# Chicago area shows in September



## hotel4dogs (Sep 29, 2008)

welcome to my home-town! What part of the Chicago area are you heading to? It's a pretty big area, LOL.
For some areas MI, WI, or IN can be really close.
Lafayette Kennel Club has one in Lebanon, IN, mid-Sept. That's 2-3 hours away, depending on where you are.
I think Trail Creek Dog Training Club (UKC) might have a show in Sept. They're just a hop across the border in IN. They put on a nice show.


----------



## Megora (Jun 7, 2010)

There's a golden specialty in the Port Huron, MI area mid-September..... of course that's like 5 hours away.....


----------



## Alaska7133 (May 26, 2011)

Thank you for your help.
I'm headed to the NW suburbs, so that's why I was thinking Michigan and Indiana might be a bit too far.
I've heard your shows are really big!
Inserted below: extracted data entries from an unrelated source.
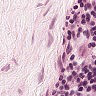
Metastatic tissue present: no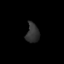
Tissue: skin
Cell type: T cells
Senescence score: 0.867
Nuclear area (px): 244
Mean DAPI intensity: 49.455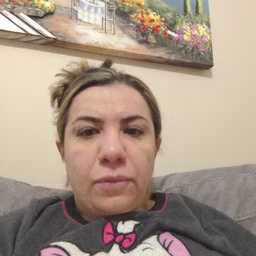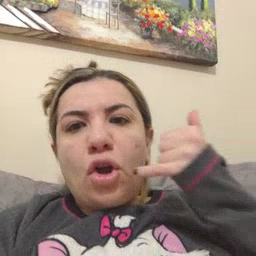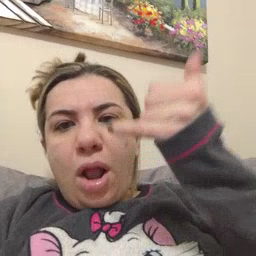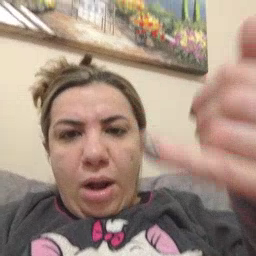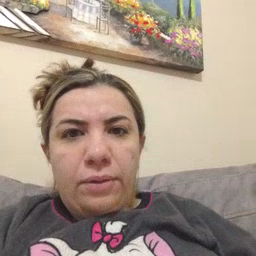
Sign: callonphone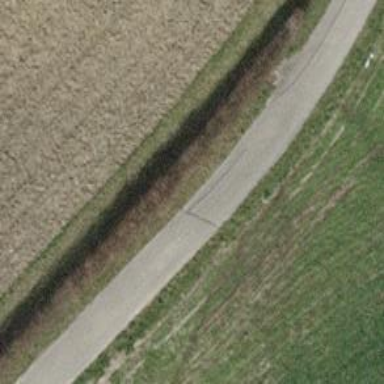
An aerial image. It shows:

We have such tiny small town type shows where everyone knows everyone and 12 goldens is a lot in a show. This weekend we only have 15 dogs. And we're excited there are that many!
We don't have UKC up here and everyone on GRF talks fondly of showing in that venue. I thought it would be good to show my puppy myself again.
I'll look at those places and see what they have listed.


----------



## hotel4dogs (Sep 29, 2008)

Even from the NW suburbs, Trail Creek might be worth doing .
Depending on when/where you're here, I know a pretty good place to take them swimming


----------



## Alaska7133 (May 26, 2011)

I'll have to look into it!
My girl has never had a pheasant or quail or any other Midwestern bird. She's only swam in ice cold glacier water or the ice cold ocean. I wonder what she would think with warm water to swim in?
I'm committed to being with my Mom September 13-16. I have time before and after that to show Lucy, I just need to change my plane ticket.
Who knows by then I might not be interested in conformation at all, and want to do more hunt/field stuff with her. So are there any of those events around during that time?


----------



## hotel4dogs (Sep 29, 2008)

I don't see any hunt events close by around that time....


----------